Тут-то все и открылось. Перевели Сашу в санчасть. А платок нужен ей был, чтобы голову прикрывать, ведь волос у нее, как и любого другого солдата, не было. Вот это любовь. Когда даже в ад вместе, лишь бы вместе. А другой любви на войне не бывает. Нет там той романтики, о которой ты мечтаешь. Есть только чувство, что вот ты есть, и в любой момент тебя может не быть, и это страшное чувство.
Ну а если уж говорить о девушках, то в нашем партизанском отряде было две.
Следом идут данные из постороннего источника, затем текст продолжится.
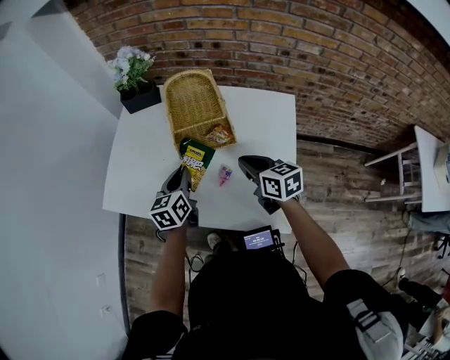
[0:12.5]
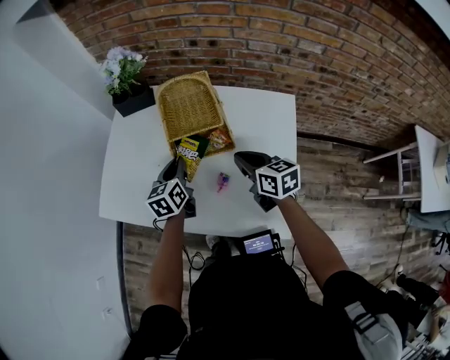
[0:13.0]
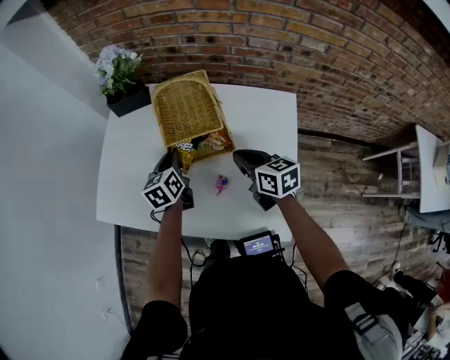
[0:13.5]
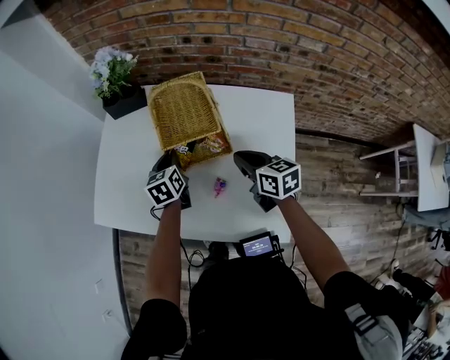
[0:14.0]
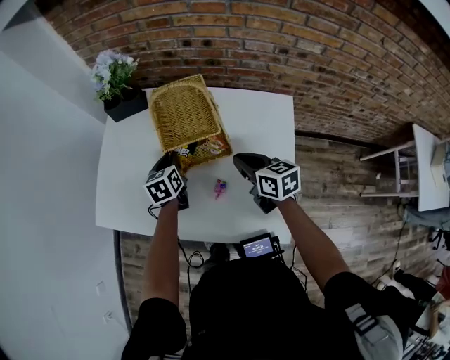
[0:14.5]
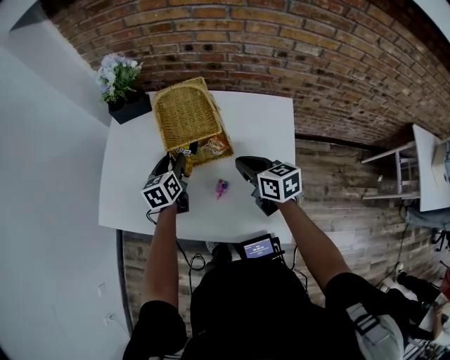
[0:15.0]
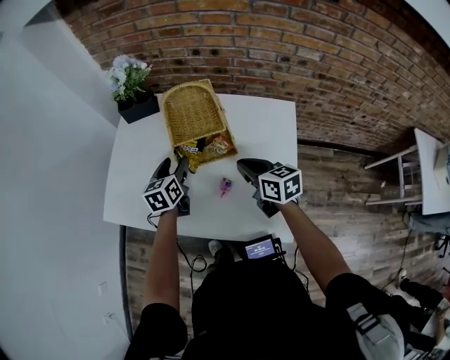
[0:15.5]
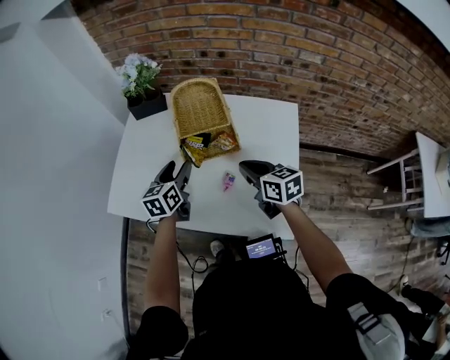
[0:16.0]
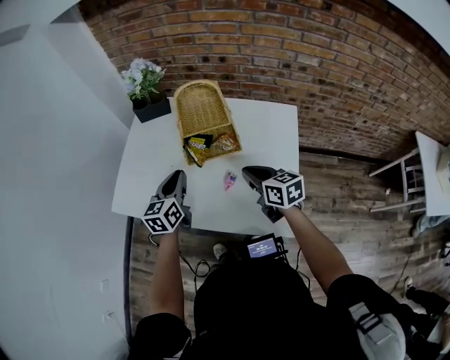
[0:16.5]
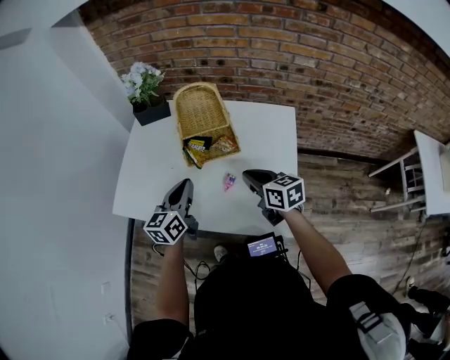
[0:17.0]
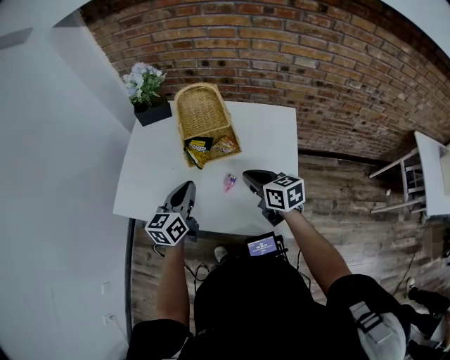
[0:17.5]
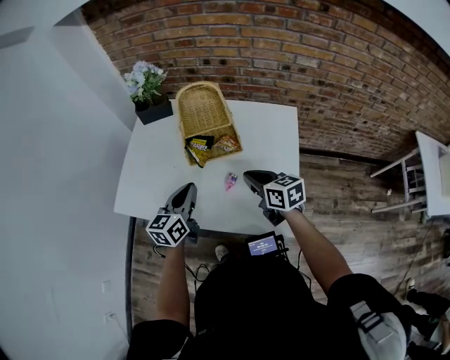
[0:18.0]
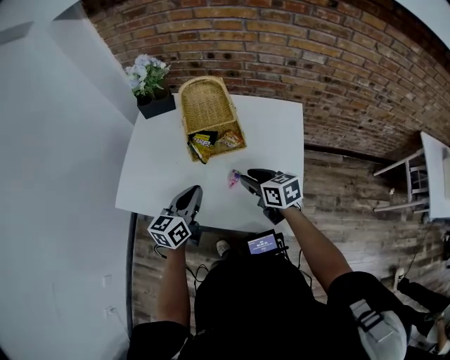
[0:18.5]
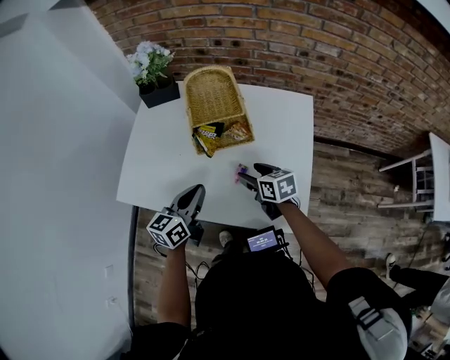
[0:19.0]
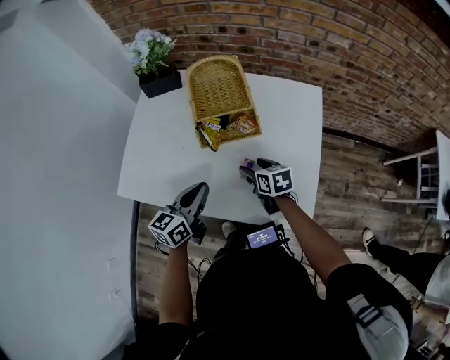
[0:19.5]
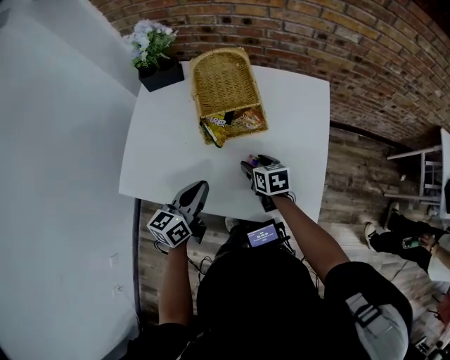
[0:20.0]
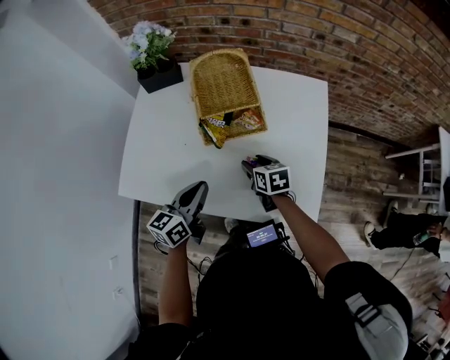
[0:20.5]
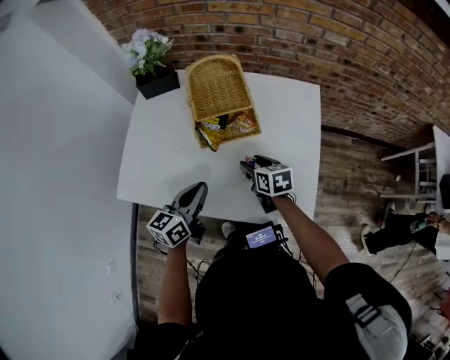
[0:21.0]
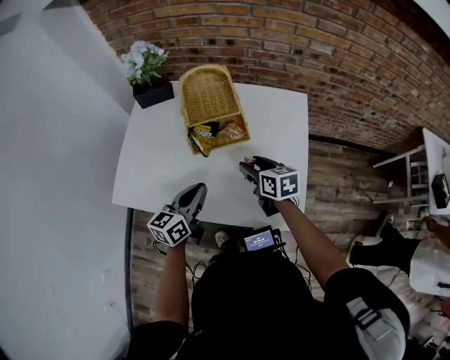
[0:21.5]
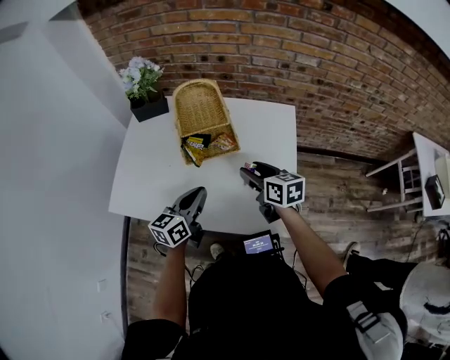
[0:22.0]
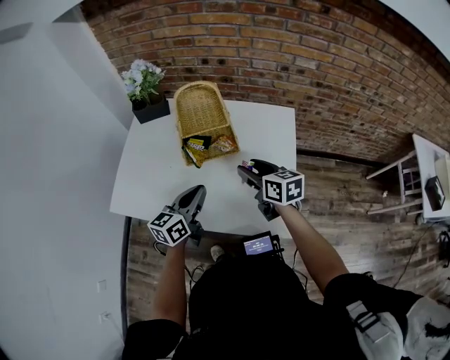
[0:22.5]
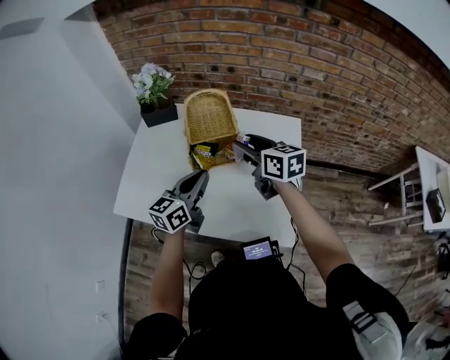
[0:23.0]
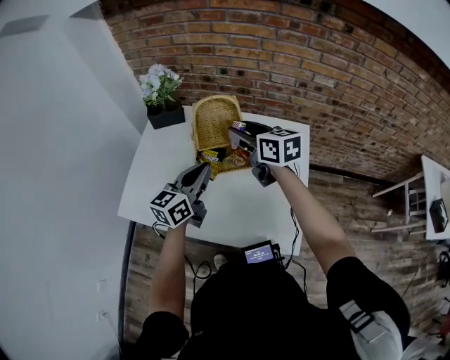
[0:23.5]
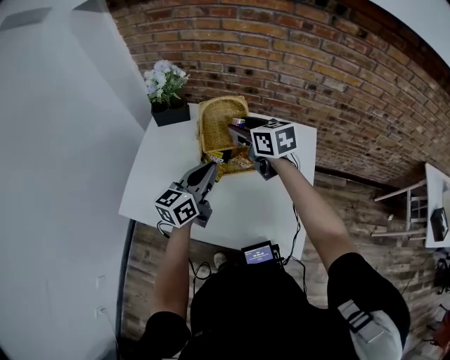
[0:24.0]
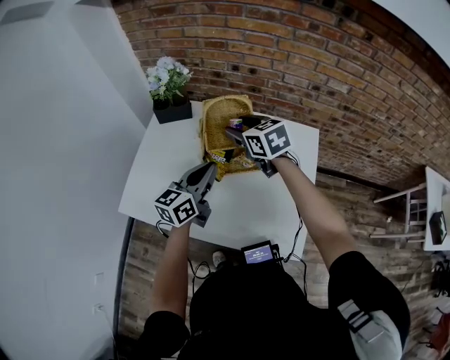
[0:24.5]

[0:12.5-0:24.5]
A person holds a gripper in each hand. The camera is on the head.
0:12.5 to 0:14.5: The left gripper shifts approximately 15 cm forward and downward, while the right gripper is displaced forward by some 5 cm.
0:14.5 to 0:16.5: The left gripper moves backward and upward, approximately 15 cm, rotates approximately 20 degrees, and opens and closes again. The right gripper moves backward, some 5 cm.
0:16.5 to 0:18.5: The right gripper opens up; the left gripper goes approximately 5 cm backward.
0:18.5 to 0:20.5: The right gripper heads downward, covering some 10 cm, and opens its fingers.
0:20.5 to 0:22.5: The right gripper shifts approximately 15 cm upward and to the right, and swivels about 20 degrees. Meanwhile the left gripper is displaced to the right by about 5 cm.
0:22.5 to 0:24.5: The left gripper moves forward and upward, roughly 10 cm. The right gripper moves forward, to the left and upward, some 20 cm, and changes its angle by approximately 30 degrees.

И получили они задание пройти от Хинельского леса до оккупированного Курска 120 км, чтобы разведать, может там зенитные установки какие есть или же танки. А как идти по оккупированной территории? Одели их в самую старую и рваную одежду, щеки розовые замазали и на плечи по котомочке повесили. В каждом по полтора килограмма муки. По легенде, эти наши девочки шли выменять ту муку на соль, а с солью тогда очень трудно было. И шли они неделю туда, а потом неделю обратно. Справились со своим заданием. Вот какие девушки!
Мы были готовы на все, лишь бы только одержать победу, лишь бы только живыми остаться. Это и есть для меня самая большая награда, а медали… Медали многое значат для солдата, но в бою он о них не думает совсем. Медаль «за отвагу» мне вручили в 17 лет. Тогда я получил тяжелое ранение, и можно было мне уже отползать, а я остался в бою, пока все не закончилось. Когда награждали меня, чувствовал гордость, но никогда не хвастался. После того ранения меня отправили в госпиталь, а потом у меня был сыпной тиф и восемнадцать дней беспамятства. С болезнью я справился, и 1 января 1944 года отправили меня на Дальний Восток.
Там я и встретил День Победы, находясь в госпитале. Еще до объявления капитуляции Германии, нам дышалось легко. Мы знали, что наши воют уже на вражеской территории, и конец войне близок. А как только победу объявили, так все, и врачи, и больные радовались: «Ура! Все! Все, теперь жить будем!», – и целовались все, и обнимались. Это самый радостный день. Радостнее этого дня ничего быть не может.
Ну, хватит мне откровенничать. Я партизан. А значит должен молчать.